Your confidence will grow with each “risk-taking”. It is important to always seek to make decisions for yourself and not to let a situation destroy you morally just because you have not been able to live up to your opinions.

For example, politics in the couple is a conflicting subject and you sometimes have to know how to keep a low profile, that’s for sure, but at other times you have to be able to explain your choices in order to feel free. The objective is not to enter into conflict for trifles, but simply to show the other that one exists and to make him understand “I lead my life as I see fit”

What is the process for learning to say no?

Before being able to say “No” to someone you love, whether a loved one or your partner, it is necessary to have a positive outlook on your daily life. This is why I recommend that you first set yourself time slots in your week to carry out activities that really make you happy, and that regardless of any solicitation from the people around you.

By giving yourself pleasure, it will be easier for you to regain confidence and assert yourself in your daily life.
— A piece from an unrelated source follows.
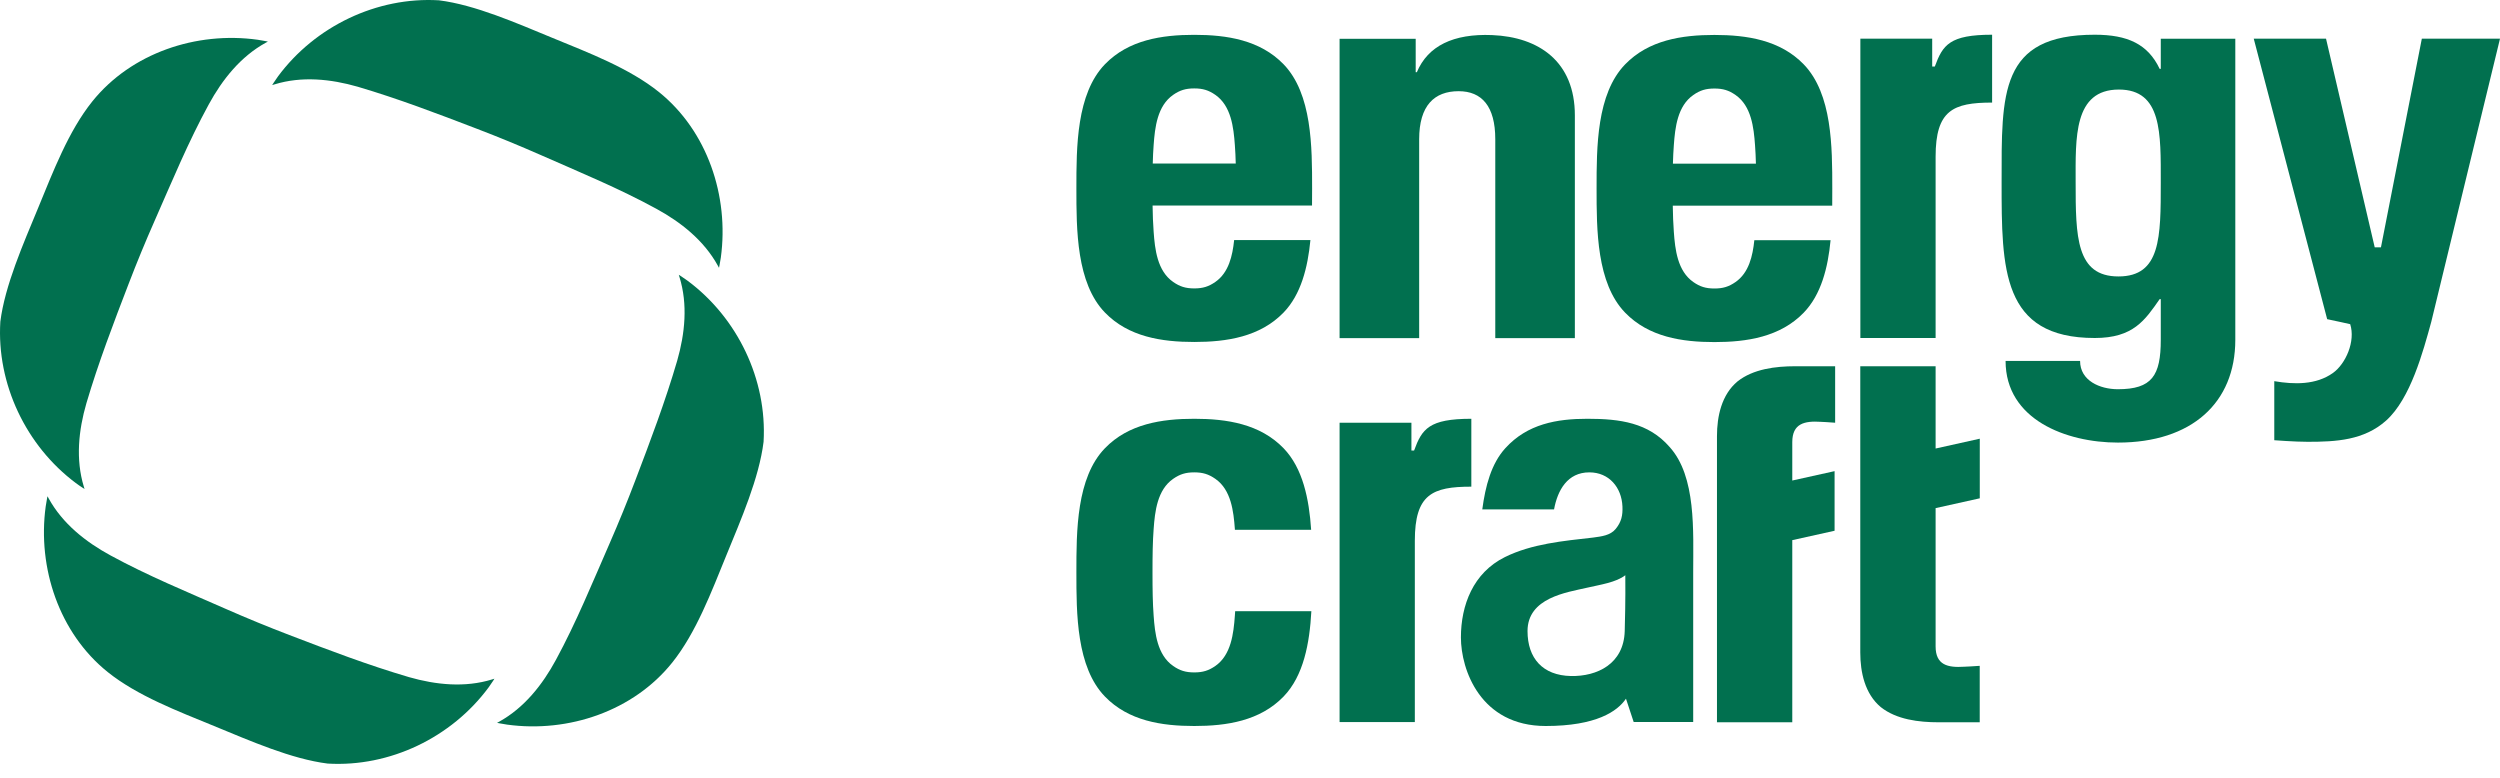 <svg xmlns="http://www.w3.org/2000/svg" width="90" height="28" viewBox="0 0 90 28" fill="none"><path d="M48.225 1.397L48.225 12.173H51.09L51.09 5.012C51.09 3.799 51.636 3.283 52.51 3.283C53.346 3.283 53.83 3.825 53.83 5.012L53.83 12.173H56.695L56.695 4.153C56.695 2.216 55.401 1.332 53.716 1.263C52.319 1.205 51.402 1.656 51.007 2.599H50.965V1.397H48.225Z" fill="#01704F"></path><path d="M48.225 15.218L48.225 25.994H50.934V19.468C50.934 17.796 51.559 17.52 52.968 17.52V15.076C51.442 15.076 51.19 15.442 50.907 16.22H50.811V15.218H48.225Z" fill="#01704F"></path><path d="M74.723 6.563C74.723 4.97 74.641 3.224 76.28 3.224C77.835 3.224 77.788 4.803 77.788 6.563C77.788 8.546 77.788 9.952 76.264 9.952C74.74 9.952 74.723 8.524 74.723 6.563ZM80.471 1.395H77.788V2.48H77.748C77.324 1.585 76.59 1.25 75.411 1.25C71.977 1.25 72.058 3.364 72.058 6.563C72.058 9.677 72.058 12.168 75.411 12.168C76.801 12.168 77.22 11.525 77.748 10.768H77.788V12.234C77.788 13.527 77.468 14.012 76.244 14.012C75.599 14.012 74.883 13.707 74.883 12.994H72.201C72.201 15.106 74.381 15.933 76.244 15.933C78.904 15.933 80.471 14.497 80.471 12.234V1.395Z" fill="#01704F"></path><path d="M66.973 1.392L66.973 12.168H69.682V5.642C69.682 3.97 70.307 3.693 71.716 3.693V1.25C70.19 1.25 69.938 1.616 69.654 2.394H69.559V1.392H66.973Z" fill="#01704F"></path><path fill-rule="evenodd" clip-rule="evenodd" d="M69.682 13.185H66.97V23.487C66.97 24.201 67.135 24.977 67.708 25.456C68.276 25.907 69.083 26.002 69.784 26.002L71.27 26.002V23.97C71.115 23.985 70.71 24.002 70.71 24.002C70.118 24.041 69.682 23.942 69.682 23.27V18.292L71.272 17.939V15.793L69.682 16.147V13.185Z" fill="#01704F"></path><path fill-rule="evenodd" clip-rule="evenodd" d="M64.522 26.002H61.811V15.701C61.811 14.987 61.976 14.211 62.549 13.732C63.117 13.281 63.923 13.185 64.625 13.185L66.065 13.185V15.218C65.91 15.203 65.551 15.186 65.551 15.186C64.959 15.147 64.522 15.246 64.522 15.917V17.299L66.045 16.961V19.107L64.522 19.445V26.002Z" fill="#01704F"></path><path d="M81.874 13.722V15.848C81.874 15.848 82.608 15.905 83.079 15.905C84.096 15.905 85.103 15.853 85.9 15.141C86.78 14.352 87.232 12.653 87.525 11.589L90 1.393H87.186L85.714 8.905H85.49L83.737 1.393H81.135L83.778 11.49C84.027 11.54 84.607 11.67 84.607 11.67C84.804 12.285 84.447 13.098 83.986 13.427C83.377 13.862 82.586 13.844 81.874 13.722Z" fill="#01704F"></path><path fill-rule="evenodd" clip-rule="evenodd" d="M47.175 8.642C47.079 9.636 46.835 10.604 46.208 11.252C45.359 12.128 44.163 12.311 42.993 12.311C41.823 12.311 40.626 12.128 39.778 11.252C38.75 10.19 38.75 8.27 38.75 6.781C38.75 5.293 38.751 3.375 39.778 2.313C40.626 1.437 41.823 1.254 42.993 1.254C44.163 1.254 45.359 1.437 46.208 2.313C47.236 3.375 47.236 5.295 47.236 6.784C47.236 6.982 47.236 7.188 47.233 7.399H41.493C41.498 7.746 41.509 8.051 41.531 8.342C41.576 8.979 41.663 9.755 42.234 10.15C42.474 10.317 42.683 10.383 42.993 10.383C43.303 10.383 43.512 10.317 43.752 10.15C44.235 9.815 44.371 9.207 44.429 8.642H47.175ZM44.455 5.223C44.471 5.434 44.481 5.652 44.487 5.888H41.499C41.505 5.652 41.515 5.434 41.531 5.223C41.576 4.586 41.663 3.811 42.234 3.415C42.474 3.248 42.683 3.183 42.993 3.183C43.303 3.183 43.512 3.248 43.752 3.415C44.322 3.811 44.409 4.586 44.455 5.223Z" fill="#01704F"></path><path fill-rule="evenodd" clip-rule="evenodd" d="M65.901 8.646C65.806 9.64 65.561 10.608 64.934 11.256C64.086 12.132 62.889 12.315 61.719 12.315C60.55 12.315 59.353 12.132 58.505 11.256C57.477 10.194 57.477 8.274 57.477 6.785C57.477 5.297 57.477 3.379 58.505 2.317C59.353 1.441 60.55 1.258 61.719 1.258C62.889 1.258 64.086 1.441 64.934 2.317C65.962 3.379 65.962 5.299 65.962 6.788C65.962 6.986 65.962 7.192 65.96 7.403H60.22C60.225 7.75 60.236 8.055 60.258 8.346C60.303 8.983 60.39 9.758 60.961 10.154C61.2 10.321 61.409 10.386 61.719 10.386C62.029 10.386 62.238 10.321 62.478 10.154C62.962 9.819 63.098 9.211 63.156 8.646H65.901ZM63.181 5.227C63.197 5.438 63.207 5.656 63.213 5.891H60.225C60.231 5.656 60.242 5.438 60.258 5.227C60.303 4.59 60.39 3.814 60.961 3.419C61.2 3.252 61.409 3.187 61.719 3.187C62.029 3.187 62.238 3.252 62.478 3.419C63.049 3.814 63.136 4.59 63.181 5.227Z" fill="#01704F"></path><path fill-rule="evenodd" clip-rule="evenodd" d="M47.201 19.072C47.128 17.967 46.903 16.855 46.208 16.136C45.359 15.259 44.163 15.076 42.993 15.076C41.823 15.076 40.626 15.259 39.778 16.136C38.751 17.197 38.75 19.116 38.75 20.605C38.75 22.094 38.75 24.014 39.778 25.076C40.626 25.953 41.823 26.136 42.993 26.136C44.163 26.136 45.359 25.953 46.208 25.076C46.932 24.328 47.146 23.152 47.209 22.003H44.466C44.462 22.058 44.459 22.112 44.455 22.166C44.409 22.803 44.322 23.579 43.752 23.975C43.512 24.141 43.303 24.207 42.993 24.207C42.683 24.207 42.474 24.141 42.234 23.975C41.663 23.579 41.576 22.803 41.531 22.166C41.497 21.715 41.49 21.231 41.49 20.607C41.49 19.983 41.497 19.498 41.531 19.046C41.576 18.41 41.663 17.633 42.234 17.238C42.474 17.071 42.683 17.005 42.993 17.005C43.303 17.005 43.512 17.071 43.752 17.238C44.322 17.633 44.409 18.41 44.455 19.046C44.455 19.055 44.456 19.064 44.456 19.072H47.201Z" fill="#01704F"></path><path fill-rule="evenodd" clip-rule="evenodd" d="M58.408 18.232C58.422 18.557 58.37 18.786 58.169 19.036C57.975 19.277 57.659 19.31 57.355 19.352C56.273 19.475 55.145 19.576 54.175 20.056C53.033 20.622 52.593 21.787 52.593 22.948C52.593 24.109 53.297 26.136 55.644 26.136C57.466 26.136 58.23 25.607 58.535 25.153L58.812 25.991H60.955C60.955 24.197 60.955 22.402 60.955 20.607C60.955 19.118 61.069 17.153 60.105 16.09C59.342 15.214 58.32 15.076 57.146 15.076C56.049 15.076 54.987 15.259 54.191 16.136C53.684 16.695 53.476 17.492 53.362 18.338H55.946C56.073 17.646 56.429 17.005 57.216 17.005C57.929 17.005 58.379 17.551 58.408 18.232ZM58.49 22.719C58.456 23.905 57.493 24.356 56.552 24.337C55.537 24.316 54.991 23.697 54.991 22.719C54.991 21.516 56.404 21.327 57.129 21.159C57.608 21.048 58.18 20.968 58.511 20.708C58.511 20.947 58.523 21.532 58.49 22.719Z" fill="#01704F"></path><path d="M24.436 9.893C24.446 9.927 24.452 9.943 24.462 9.977C24.765 10.957 24.659 12.005 24.381 12.978C23.953 14.445 23.414 15.868 22.871 17.295C22.581 18.06 22.272 18.817 21.944 19.567C21.33 20.97 20.746 22.404 20.015 23.752C19.531 24.648 18.874 25.48 17.972 25.98C17.941 25.997 17.925 26.006 17.894 26.022C17.929 26.03 17.947 26.033 17.983 26.04C18.077 26.059 18.169 26.075 18.261 26.087C20.467 26.388 22.81 25.595 24.204 23.848C25.06 22.777 25.613 21.303 26.143 20.005C26.674 18.706 27.328 17.214 27.489 15.904C27.619 13.661 26.55 11.442 24.754 10.107C24.676 10.049 24.596 9.994 24.512 9.94C24.486 9.923 24.462 9.91 24.436 9.893Z" fill="#01704F"></path><path d="M17.799 24.433C17.765 24.444 17.749 24.449 17.716 24.459C16.737 24.762 15.691 24.655 14.721 24.376C13.258 23.946 11.838 23.405 10.415 22.86C9.652 22.568 8.896 22.258 8.148 21.929C6.748 21.313 5.318 20.726 3.974 19.993C3.08 19.507 2.25 18.848 1.752 17.943C1.735 17.912 1.726 17.897 1.71 17.865C1.702 17.901 1.699 17.918 1.692 17.954C1.673 18.049 1.657 18.141 1.645 18.233C1.343 20.444 2.133 22.792 3.874 24.191C4.943 25.049 6.413 25.605 7.708 26.137C9.003 26.669 10.492 27.326 11.799 27.489C14.037 27.62 16.252 26.551 17.586 24.752C17.643 24.674 17.698 24.594 17.752 24.51C17.769 24.483 17.783 24.459 17.799 24.433Z" fill="#01704F"></path><path d="M9.798 3.063C9.832 3.053 9.848 3.047 9.882 3.038C10.861 2.735 11.906 2.843 12.877 3.122C14.34 3.554 15.759 4.095 17.182 4.641C17.945 4.933 18.7 5.244 19.448 5.573C20.848 6.19 22.278 6.778 23.621 7.512C24.515 7.998 25.344 8.658 25.842 9.563C25.859 9.594 25.868 9.609 25.884 9.641C25.892 9.605 25.895 9.588 25.902 9.552C25.921 9.457 25.937 9.365 25.95 9.273C26.252 7.062 25.464 4.714 23.723 3.314C22.655 2.455 21.186 1.898 19.891 1.365C18.596 0.832 17.107 0.175 15.801 0.011C13.563 -0.121 11.347 0.947 10.012 2.745C9.955 2.822 9.9 2.903 9.846 2.987C9.828 3.013 9.815 3.037 9.798 3.063Z" fill="#01704F"></path><path d="M3.044 17.603C3.033 17.569 3.028 17.553 3.018 17.519C2.719 16.538 2.828 15.49 3.11 14.518C3.543 13.053 4.087 11.632 4.635 10.207C4.928 9.443 5.24 8.687 5.571 7.938C6.189 6.537 6.779 5.105 7.515 3.76C8.002 2.865 8.662 2.037 9.566 1.539C9.597 1.522 9.612 1.514 9.644 1.497C9.609 1.49 9.591 1.486 9.555 1.479C9.461 1.46 9.369 1.444 9.277 1.431C7.072 1.123 4.727 1.907 3.325 3.649C2.466 4.717 1.908 6.188 1.373 7.485C0.838 8.781 0.178 10.272 0.012 11.58C-0.125 13.823 0.935 16.047 2.727 17.388C2.804 17.446 2.884 17.501 2.968 17.555C2.994 17.573 3.018 17.586 3.044 17.603Z" fill="#01704F"></path></svg>

In reality, it only takes once, a single “No” to realize that you can assume it perfectly and that your friends, your parents, your children, your partner will not hold you against this situation at all.

If you notice correctly, people always ask you because they know they have a 99% chance of getting a “Yes” to whatever they ask. You just have to stop this spiral and you will notice that others do not change their point of view on you, they still see you as a beautiful person!

Enough to remove all your fears and assume your desires to take control of your daily life. Do not let the lack of confidence or personal esteem invade you anymore and adopt a single philosophy, that of building the life of your dreams!

And you, how do you go about saying “No” to a loved one? Leave me a little comment with your tips and questions!